Car Fillmore-le-Père ne leur a pas tout dit.
Loin de là…

Un roman qui parle de grands espaces, d’Ouest sauvage, de fratrie et d’amitié, de questions, de vengeance, de pierres et de sang, de géant et de Veuve, de scie, de manque, de disparus, d’Affreux-Innommable, de mine d’or, de Winchester, d’harmonie, de raccourci, de résilience…

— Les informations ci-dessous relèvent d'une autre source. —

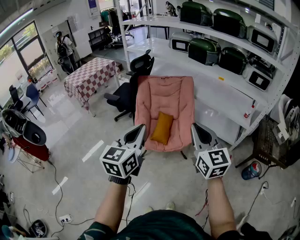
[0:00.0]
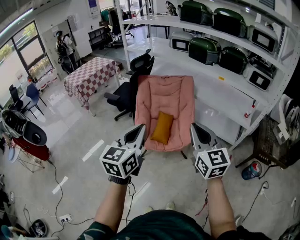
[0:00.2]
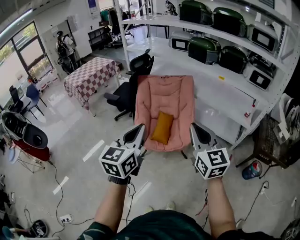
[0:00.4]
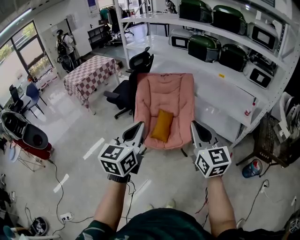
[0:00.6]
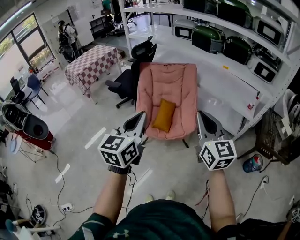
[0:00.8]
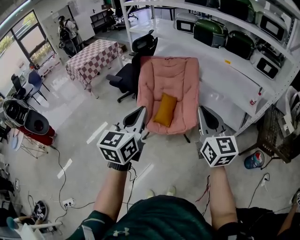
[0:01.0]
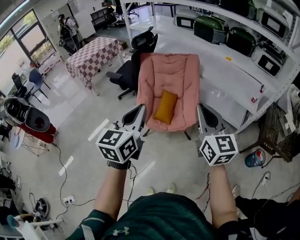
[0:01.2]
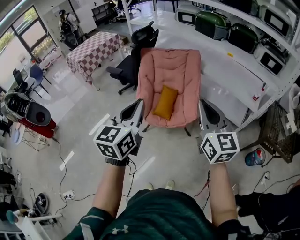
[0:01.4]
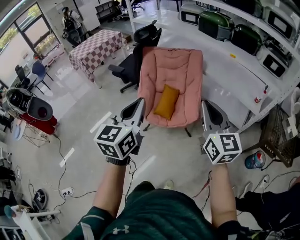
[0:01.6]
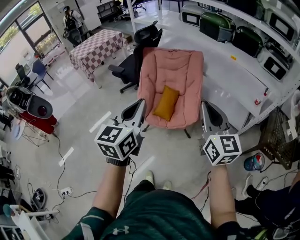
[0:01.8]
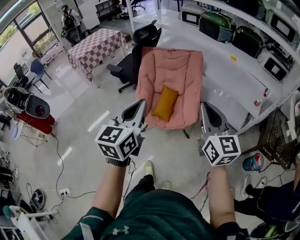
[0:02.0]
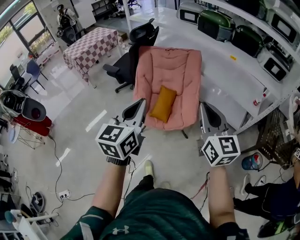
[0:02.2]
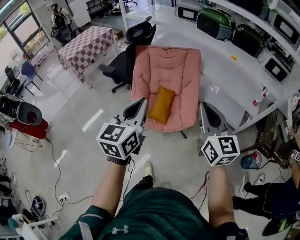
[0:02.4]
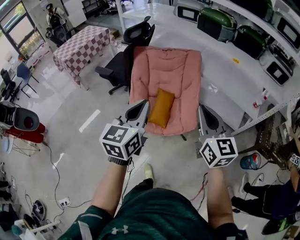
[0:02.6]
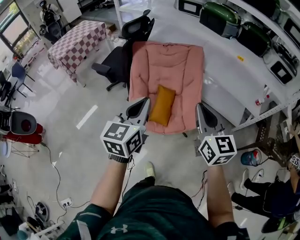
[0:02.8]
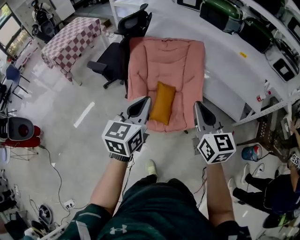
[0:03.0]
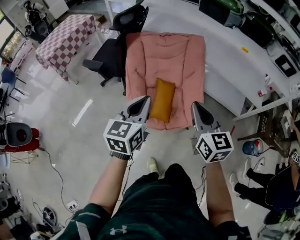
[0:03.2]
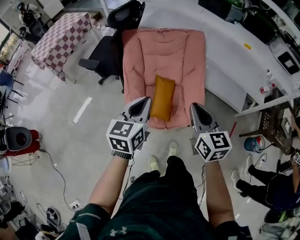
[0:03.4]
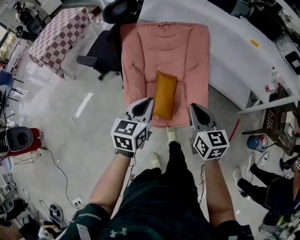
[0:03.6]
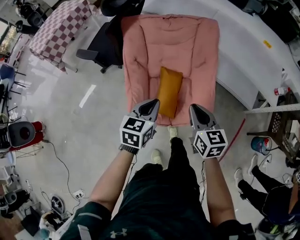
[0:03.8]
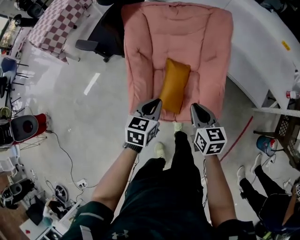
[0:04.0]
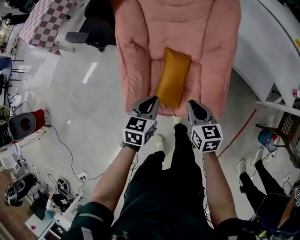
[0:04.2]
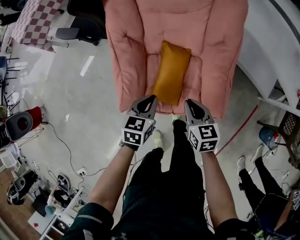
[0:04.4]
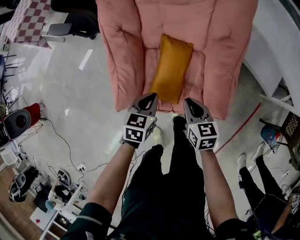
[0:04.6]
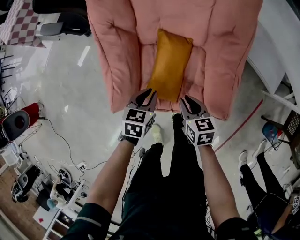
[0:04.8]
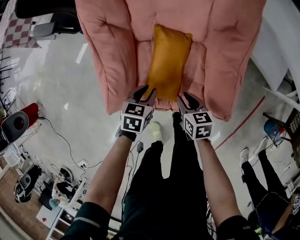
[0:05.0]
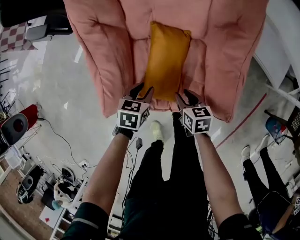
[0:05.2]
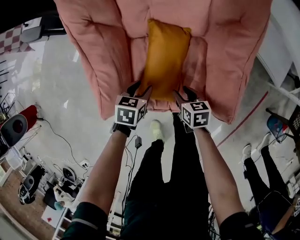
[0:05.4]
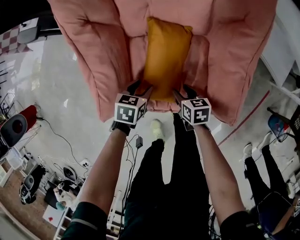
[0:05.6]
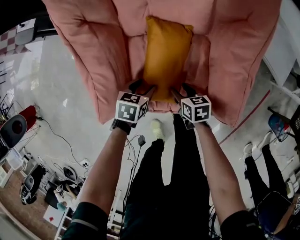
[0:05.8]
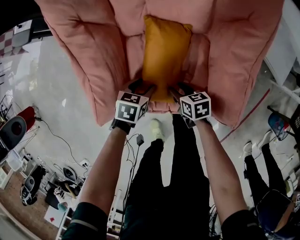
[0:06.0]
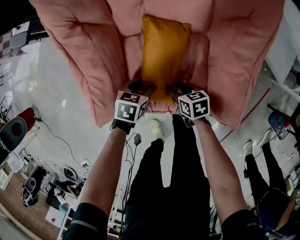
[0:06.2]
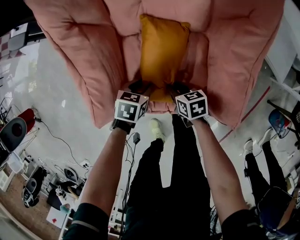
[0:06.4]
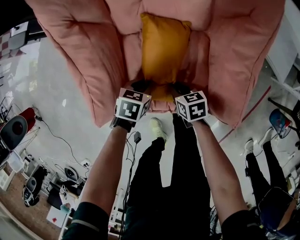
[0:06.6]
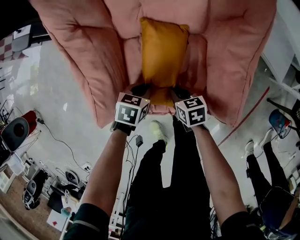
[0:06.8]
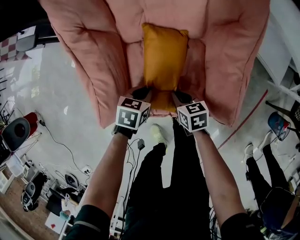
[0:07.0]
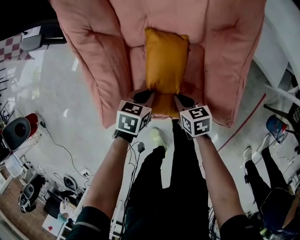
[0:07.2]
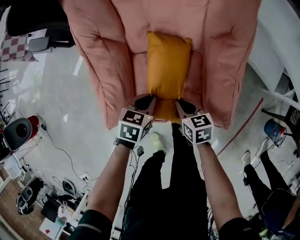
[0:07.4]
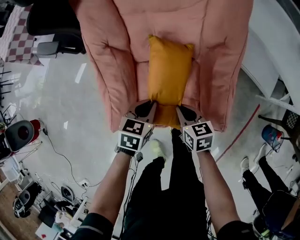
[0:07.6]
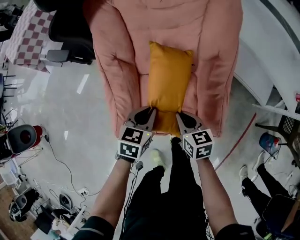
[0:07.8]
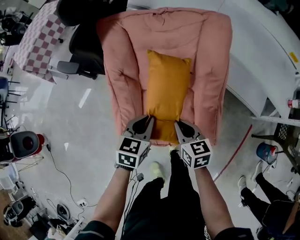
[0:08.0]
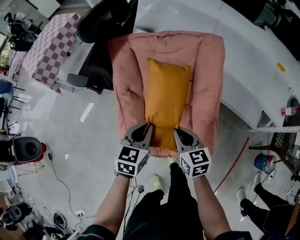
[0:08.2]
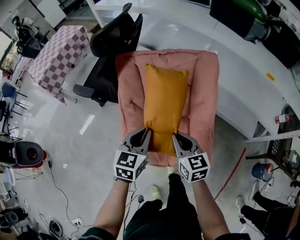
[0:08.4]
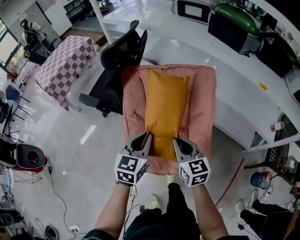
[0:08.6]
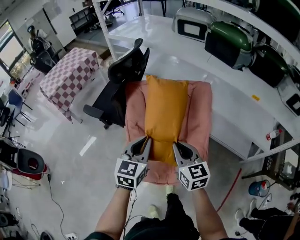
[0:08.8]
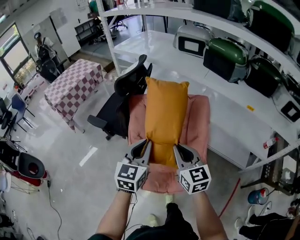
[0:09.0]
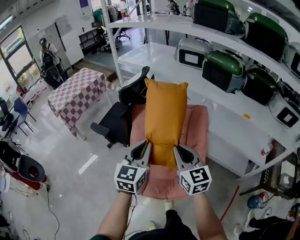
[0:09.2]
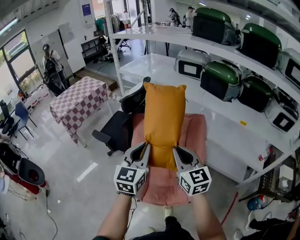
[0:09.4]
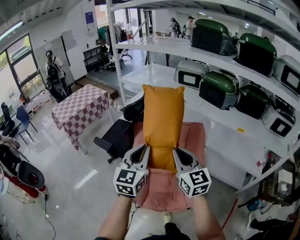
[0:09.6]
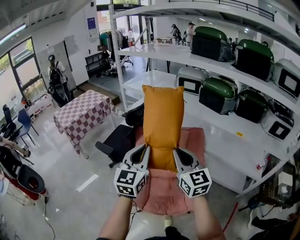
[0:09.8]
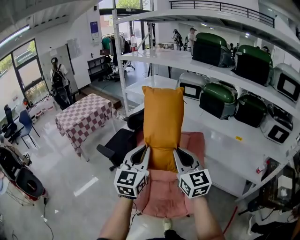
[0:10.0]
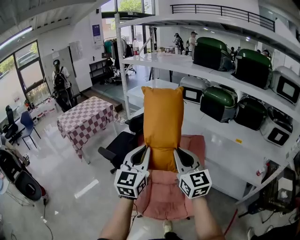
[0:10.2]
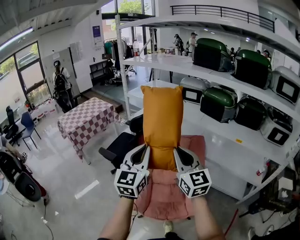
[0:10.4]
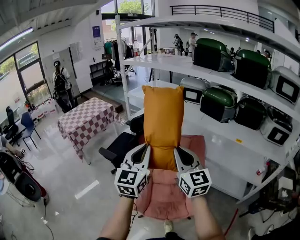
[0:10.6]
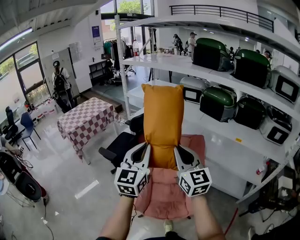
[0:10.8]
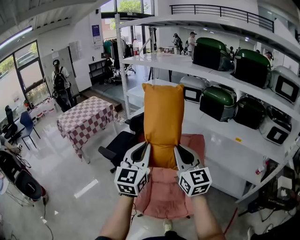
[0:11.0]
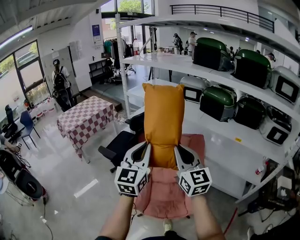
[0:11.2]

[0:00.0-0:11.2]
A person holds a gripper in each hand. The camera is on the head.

Lire les premières pages du roman.

 

COMMENT EST NÉE HARMONiE STARK…
0ctobre 2020, entre deux confinements, je retrouve mon ami Jean-Michel Payet.
Il fait frisquet et la plupart des salons de thé sont fermés because Covid, on s’est repliés dans une boulangerie qui offre quelques tables.
— Ça manque d’air cette affaire.
— Besoin de grands espaces.
— De liberté.
— Envie d’immensité.
— Envie de chevaux et de colts.
— Ouaip, un truc âpre.
— Un truc qui râpe.
— Et si on écrivait un western ?
— Chiche.
La phrase est tombée derrière nos masques, ôtés juste le temps de gober une cuillerée de Paris-brest.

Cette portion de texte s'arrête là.